* [THE PROBLEM]: How many lines in the records below contain the word "hills"? Give only the number.

Stored dataset items

===

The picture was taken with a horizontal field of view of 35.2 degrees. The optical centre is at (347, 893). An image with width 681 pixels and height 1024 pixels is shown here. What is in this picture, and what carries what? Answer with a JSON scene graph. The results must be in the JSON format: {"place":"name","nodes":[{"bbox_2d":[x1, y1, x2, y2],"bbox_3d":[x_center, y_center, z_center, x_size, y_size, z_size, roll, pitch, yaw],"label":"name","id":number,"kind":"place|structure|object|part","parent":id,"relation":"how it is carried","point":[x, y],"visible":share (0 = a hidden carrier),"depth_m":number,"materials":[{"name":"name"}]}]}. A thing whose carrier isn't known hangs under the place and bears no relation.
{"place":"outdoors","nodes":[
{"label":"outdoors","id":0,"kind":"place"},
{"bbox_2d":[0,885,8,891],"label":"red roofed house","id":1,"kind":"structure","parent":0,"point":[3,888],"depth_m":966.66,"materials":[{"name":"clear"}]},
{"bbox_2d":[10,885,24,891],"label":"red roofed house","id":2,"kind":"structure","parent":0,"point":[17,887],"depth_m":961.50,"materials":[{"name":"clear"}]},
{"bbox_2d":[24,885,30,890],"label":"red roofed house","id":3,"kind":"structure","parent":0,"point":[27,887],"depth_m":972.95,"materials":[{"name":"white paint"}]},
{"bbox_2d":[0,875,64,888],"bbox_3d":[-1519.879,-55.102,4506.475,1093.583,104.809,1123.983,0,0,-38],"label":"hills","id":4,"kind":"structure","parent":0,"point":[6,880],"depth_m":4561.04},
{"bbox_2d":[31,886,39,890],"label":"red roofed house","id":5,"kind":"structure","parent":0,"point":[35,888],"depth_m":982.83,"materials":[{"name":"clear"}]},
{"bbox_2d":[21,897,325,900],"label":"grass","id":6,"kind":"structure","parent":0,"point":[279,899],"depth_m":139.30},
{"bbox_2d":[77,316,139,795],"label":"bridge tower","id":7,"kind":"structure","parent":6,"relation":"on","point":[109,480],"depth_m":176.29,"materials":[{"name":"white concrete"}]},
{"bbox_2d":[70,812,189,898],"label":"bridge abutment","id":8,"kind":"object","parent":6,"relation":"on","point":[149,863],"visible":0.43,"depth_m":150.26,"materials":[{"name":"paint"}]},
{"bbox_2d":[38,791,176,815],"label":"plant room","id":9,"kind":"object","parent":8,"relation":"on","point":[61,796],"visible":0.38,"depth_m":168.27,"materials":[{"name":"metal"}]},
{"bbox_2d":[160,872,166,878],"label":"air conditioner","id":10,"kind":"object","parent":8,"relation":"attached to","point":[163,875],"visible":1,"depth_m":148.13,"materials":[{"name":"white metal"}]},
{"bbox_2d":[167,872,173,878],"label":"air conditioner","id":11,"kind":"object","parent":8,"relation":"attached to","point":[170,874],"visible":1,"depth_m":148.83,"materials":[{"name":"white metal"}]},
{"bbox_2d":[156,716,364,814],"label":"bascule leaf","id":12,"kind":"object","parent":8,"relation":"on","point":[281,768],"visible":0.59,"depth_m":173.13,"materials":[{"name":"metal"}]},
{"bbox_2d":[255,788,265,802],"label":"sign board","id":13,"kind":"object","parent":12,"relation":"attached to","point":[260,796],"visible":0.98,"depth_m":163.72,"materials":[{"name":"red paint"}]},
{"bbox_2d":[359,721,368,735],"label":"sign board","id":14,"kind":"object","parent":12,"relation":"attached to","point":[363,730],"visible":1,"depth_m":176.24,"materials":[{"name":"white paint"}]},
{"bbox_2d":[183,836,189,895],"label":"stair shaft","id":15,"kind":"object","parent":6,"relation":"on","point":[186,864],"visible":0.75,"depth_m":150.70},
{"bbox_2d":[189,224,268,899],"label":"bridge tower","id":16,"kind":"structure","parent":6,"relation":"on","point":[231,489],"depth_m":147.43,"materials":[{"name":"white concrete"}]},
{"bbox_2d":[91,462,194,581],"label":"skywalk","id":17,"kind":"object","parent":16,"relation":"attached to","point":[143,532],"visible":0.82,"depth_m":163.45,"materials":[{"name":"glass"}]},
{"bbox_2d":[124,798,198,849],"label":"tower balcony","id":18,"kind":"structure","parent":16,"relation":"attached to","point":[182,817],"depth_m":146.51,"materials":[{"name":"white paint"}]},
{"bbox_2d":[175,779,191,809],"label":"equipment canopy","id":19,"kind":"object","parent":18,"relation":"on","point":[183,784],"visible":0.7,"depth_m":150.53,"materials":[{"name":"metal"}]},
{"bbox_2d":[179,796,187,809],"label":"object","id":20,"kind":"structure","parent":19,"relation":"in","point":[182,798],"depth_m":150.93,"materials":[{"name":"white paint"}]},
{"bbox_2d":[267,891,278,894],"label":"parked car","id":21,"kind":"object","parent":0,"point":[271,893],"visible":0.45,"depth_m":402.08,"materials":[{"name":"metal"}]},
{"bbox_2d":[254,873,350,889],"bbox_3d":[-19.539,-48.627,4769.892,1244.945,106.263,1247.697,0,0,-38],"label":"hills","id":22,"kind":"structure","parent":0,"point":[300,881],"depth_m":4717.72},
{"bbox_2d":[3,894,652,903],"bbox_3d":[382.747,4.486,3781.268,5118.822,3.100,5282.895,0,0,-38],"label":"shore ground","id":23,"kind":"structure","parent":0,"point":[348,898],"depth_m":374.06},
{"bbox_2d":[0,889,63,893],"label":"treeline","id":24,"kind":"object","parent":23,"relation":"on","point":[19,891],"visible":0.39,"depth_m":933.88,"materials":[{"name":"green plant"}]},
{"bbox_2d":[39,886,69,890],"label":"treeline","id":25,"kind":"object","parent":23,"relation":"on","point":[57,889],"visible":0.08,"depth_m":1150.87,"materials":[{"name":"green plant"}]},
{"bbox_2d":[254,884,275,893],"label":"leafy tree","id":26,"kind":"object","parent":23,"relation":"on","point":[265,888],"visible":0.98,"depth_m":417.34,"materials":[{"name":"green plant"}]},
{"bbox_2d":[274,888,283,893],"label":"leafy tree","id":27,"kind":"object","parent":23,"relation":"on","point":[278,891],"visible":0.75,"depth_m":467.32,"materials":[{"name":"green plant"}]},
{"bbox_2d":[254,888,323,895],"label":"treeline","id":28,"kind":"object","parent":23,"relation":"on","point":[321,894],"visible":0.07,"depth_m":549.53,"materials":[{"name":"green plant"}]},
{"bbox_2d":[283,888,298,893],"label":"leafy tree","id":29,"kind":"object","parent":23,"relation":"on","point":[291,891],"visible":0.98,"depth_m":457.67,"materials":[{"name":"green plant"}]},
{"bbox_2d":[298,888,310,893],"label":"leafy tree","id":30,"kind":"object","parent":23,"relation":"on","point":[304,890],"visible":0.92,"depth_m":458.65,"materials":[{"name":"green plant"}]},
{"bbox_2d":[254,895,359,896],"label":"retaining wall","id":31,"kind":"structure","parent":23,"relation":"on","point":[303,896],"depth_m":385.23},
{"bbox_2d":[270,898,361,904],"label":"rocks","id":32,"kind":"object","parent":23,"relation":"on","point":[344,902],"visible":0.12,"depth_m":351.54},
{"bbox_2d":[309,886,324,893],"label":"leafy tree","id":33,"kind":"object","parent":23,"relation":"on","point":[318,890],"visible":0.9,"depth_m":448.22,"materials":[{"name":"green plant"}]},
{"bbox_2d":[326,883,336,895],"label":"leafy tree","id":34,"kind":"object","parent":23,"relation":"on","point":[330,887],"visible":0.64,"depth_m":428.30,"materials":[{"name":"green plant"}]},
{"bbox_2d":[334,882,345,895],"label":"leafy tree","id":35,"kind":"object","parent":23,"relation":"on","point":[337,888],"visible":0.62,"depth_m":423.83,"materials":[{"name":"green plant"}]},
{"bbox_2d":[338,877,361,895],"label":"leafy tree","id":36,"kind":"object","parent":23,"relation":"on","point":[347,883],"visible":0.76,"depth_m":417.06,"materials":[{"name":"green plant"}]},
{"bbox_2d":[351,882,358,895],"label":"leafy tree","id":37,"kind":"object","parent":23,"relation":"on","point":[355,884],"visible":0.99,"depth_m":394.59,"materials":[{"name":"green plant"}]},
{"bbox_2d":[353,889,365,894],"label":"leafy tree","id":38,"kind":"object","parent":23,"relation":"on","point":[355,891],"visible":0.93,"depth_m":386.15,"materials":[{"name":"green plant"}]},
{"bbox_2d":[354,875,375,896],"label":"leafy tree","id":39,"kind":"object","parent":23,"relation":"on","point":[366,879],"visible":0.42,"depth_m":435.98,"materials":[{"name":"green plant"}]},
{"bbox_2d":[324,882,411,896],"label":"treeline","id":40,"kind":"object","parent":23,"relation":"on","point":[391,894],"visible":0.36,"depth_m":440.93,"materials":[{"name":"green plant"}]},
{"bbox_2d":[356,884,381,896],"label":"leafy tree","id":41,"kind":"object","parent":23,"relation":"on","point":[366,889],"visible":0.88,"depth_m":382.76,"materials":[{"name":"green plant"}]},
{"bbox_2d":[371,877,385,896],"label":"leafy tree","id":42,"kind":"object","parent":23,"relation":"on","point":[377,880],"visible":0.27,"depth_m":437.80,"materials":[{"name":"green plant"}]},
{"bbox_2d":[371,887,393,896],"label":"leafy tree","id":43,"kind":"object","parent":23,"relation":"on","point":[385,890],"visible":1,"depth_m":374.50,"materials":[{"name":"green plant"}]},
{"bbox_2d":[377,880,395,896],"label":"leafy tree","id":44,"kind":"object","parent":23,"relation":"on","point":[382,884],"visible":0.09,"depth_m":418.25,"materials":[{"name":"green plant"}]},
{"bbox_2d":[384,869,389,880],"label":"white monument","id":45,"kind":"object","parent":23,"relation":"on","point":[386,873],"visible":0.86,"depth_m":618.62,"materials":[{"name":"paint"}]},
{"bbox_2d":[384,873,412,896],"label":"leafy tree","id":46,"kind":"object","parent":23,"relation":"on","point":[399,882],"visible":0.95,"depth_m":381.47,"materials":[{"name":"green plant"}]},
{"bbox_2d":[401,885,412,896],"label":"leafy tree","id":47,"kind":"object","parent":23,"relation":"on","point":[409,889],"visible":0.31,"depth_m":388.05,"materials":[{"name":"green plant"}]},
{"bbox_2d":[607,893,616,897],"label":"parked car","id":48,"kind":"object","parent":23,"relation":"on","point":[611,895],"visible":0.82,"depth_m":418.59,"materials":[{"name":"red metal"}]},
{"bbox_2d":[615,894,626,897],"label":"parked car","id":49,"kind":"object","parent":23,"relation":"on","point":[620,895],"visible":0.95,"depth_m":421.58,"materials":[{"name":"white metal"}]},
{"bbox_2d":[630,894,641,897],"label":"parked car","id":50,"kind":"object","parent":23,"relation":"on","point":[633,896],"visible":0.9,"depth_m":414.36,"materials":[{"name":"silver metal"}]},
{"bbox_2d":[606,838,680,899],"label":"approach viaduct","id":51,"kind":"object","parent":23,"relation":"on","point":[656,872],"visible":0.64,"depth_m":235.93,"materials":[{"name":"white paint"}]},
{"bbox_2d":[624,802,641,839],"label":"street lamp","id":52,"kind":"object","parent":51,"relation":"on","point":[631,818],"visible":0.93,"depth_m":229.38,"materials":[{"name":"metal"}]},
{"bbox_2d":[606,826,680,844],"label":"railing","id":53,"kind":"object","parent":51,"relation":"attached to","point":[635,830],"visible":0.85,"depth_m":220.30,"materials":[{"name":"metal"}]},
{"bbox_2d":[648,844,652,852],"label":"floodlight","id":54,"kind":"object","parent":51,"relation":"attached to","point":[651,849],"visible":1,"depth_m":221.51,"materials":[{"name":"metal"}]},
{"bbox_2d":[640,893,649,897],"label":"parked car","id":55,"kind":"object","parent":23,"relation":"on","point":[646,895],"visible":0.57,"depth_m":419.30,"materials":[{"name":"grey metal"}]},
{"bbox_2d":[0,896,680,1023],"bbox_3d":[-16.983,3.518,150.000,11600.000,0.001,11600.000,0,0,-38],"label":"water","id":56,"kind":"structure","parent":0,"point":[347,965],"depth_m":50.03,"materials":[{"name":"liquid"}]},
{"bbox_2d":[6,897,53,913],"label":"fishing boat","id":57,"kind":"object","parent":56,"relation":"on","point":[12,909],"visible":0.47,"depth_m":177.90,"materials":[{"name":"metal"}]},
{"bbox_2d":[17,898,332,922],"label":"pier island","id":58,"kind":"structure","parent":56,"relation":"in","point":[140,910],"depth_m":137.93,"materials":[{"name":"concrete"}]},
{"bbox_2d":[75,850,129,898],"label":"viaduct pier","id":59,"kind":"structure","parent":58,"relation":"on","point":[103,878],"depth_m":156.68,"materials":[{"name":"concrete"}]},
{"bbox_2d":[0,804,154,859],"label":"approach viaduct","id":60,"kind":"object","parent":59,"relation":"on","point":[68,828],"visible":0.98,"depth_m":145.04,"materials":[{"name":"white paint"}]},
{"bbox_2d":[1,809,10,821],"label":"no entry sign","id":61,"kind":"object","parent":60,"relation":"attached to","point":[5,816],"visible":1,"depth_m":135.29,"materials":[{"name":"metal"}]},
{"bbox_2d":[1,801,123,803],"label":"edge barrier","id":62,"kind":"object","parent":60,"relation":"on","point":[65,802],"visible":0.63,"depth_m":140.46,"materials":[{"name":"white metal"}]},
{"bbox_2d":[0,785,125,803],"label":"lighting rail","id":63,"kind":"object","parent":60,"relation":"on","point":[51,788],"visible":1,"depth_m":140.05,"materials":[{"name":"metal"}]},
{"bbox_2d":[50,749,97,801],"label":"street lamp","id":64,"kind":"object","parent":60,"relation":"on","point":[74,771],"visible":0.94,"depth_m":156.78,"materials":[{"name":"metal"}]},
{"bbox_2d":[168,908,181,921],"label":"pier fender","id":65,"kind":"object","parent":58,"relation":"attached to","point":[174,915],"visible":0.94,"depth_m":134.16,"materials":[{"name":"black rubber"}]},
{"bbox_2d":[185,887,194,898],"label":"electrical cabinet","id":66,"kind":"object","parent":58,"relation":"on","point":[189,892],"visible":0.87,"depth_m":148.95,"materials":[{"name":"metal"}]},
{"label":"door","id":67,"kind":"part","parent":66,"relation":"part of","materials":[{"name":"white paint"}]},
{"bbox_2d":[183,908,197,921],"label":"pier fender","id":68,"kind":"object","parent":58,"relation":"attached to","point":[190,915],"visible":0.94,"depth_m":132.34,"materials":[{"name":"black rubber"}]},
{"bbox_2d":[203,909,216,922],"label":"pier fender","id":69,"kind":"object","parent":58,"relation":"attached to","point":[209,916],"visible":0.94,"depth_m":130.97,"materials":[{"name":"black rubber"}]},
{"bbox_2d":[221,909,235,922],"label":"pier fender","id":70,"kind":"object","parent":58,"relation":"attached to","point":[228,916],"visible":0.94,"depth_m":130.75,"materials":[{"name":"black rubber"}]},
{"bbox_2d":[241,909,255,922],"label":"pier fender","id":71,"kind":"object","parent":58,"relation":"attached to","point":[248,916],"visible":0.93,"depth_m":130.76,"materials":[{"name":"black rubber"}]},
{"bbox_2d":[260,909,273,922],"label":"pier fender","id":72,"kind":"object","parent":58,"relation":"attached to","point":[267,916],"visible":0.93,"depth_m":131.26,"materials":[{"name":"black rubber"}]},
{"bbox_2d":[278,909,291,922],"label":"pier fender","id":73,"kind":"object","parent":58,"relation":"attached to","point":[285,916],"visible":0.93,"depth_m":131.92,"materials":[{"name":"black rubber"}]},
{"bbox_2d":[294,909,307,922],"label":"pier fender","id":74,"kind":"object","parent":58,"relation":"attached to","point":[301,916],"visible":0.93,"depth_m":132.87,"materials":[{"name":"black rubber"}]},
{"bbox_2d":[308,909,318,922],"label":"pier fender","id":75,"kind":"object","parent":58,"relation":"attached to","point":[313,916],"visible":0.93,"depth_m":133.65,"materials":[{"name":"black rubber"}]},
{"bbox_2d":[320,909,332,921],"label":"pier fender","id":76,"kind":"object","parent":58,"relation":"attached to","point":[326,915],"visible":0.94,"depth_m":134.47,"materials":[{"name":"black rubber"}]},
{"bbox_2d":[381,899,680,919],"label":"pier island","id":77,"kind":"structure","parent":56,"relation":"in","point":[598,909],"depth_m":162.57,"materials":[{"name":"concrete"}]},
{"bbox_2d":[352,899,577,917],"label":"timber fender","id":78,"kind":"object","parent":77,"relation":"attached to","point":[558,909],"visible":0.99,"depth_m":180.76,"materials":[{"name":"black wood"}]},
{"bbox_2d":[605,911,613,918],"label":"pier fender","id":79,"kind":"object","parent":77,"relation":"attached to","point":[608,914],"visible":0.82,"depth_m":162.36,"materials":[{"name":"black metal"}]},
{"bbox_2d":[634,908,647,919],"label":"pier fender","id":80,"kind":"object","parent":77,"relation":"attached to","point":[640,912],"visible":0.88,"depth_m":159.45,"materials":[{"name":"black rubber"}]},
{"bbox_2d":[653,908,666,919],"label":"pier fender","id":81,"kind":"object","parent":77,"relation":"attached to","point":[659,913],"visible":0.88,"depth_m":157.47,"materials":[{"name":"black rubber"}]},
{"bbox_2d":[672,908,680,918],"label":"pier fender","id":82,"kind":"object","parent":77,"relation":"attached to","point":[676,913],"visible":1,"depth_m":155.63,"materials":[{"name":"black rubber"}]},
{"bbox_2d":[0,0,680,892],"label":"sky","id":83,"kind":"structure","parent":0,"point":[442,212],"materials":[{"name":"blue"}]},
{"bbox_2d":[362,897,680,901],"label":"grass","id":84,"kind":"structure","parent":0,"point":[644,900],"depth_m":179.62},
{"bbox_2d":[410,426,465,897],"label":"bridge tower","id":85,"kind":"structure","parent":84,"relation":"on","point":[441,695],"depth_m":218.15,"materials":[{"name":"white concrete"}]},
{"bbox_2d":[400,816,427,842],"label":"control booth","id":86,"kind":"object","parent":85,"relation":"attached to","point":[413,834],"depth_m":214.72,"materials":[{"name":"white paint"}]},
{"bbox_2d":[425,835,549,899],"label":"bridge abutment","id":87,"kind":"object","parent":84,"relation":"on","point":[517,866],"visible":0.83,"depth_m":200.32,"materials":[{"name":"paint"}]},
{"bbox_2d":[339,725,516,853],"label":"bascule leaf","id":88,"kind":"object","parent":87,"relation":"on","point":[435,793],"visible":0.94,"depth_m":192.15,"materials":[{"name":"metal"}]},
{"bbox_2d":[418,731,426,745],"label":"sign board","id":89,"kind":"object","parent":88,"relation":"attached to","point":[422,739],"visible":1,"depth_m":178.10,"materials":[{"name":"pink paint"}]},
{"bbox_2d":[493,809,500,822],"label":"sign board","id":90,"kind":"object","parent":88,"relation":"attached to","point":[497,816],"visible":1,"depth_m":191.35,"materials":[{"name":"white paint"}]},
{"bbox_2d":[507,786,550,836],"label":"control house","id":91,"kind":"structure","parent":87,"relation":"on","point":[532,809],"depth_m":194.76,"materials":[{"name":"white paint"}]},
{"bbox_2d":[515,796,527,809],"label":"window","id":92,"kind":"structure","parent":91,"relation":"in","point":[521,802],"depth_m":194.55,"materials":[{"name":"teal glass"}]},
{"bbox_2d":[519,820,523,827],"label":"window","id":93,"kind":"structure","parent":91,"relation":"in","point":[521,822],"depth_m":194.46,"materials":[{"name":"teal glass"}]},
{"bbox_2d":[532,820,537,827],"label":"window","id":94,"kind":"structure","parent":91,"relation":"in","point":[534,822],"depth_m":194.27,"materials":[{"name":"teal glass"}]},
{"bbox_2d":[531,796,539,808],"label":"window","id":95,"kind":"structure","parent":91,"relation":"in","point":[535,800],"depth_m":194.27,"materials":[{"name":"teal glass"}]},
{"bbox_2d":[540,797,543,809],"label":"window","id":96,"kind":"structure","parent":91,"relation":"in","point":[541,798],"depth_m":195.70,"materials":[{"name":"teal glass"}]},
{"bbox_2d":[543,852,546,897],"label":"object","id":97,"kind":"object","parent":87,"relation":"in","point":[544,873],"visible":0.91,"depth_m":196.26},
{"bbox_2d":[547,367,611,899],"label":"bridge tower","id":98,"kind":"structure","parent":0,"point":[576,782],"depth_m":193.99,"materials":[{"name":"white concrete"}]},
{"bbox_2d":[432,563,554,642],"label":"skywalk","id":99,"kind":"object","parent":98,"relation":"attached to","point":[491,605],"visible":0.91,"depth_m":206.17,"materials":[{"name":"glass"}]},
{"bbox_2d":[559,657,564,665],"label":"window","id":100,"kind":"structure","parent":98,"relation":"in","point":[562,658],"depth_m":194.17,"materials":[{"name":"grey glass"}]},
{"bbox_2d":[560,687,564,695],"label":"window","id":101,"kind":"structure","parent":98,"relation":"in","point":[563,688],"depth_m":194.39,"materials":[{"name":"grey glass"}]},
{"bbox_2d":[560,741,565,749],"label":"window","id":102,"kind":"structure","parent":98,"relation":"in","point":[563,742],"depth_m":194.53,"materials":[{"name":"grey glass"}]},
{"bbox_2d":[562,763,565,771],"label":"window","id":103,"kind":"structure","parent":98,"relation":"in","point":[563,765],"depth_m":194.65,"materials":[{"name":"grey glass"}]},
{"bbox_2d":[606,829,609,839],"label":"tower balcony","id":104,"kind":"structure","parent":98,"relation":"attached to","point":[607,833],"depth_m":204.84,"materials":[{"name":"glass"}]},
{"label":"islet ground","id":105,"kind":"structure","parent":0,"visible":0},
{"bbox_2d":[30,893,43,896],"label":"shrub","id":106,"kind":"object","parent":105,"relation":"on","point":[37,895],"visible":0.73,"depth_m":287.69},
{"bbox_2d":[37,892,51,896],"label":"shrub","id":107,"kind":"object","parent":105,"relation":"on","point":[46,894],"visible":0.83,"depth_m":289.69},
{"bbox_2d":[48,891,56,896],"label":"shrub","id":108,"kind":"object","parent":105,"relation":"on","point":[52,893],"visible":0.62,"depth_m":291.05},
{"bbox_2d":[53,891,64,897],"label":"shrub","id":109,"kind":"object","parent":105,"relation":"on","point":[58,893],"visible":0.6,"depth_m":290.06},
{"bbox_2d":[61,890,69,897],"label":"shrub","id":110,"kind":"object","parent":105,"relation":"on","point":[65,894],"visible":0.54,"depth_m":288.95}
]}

===

* [YOUR RESPONSE]: 2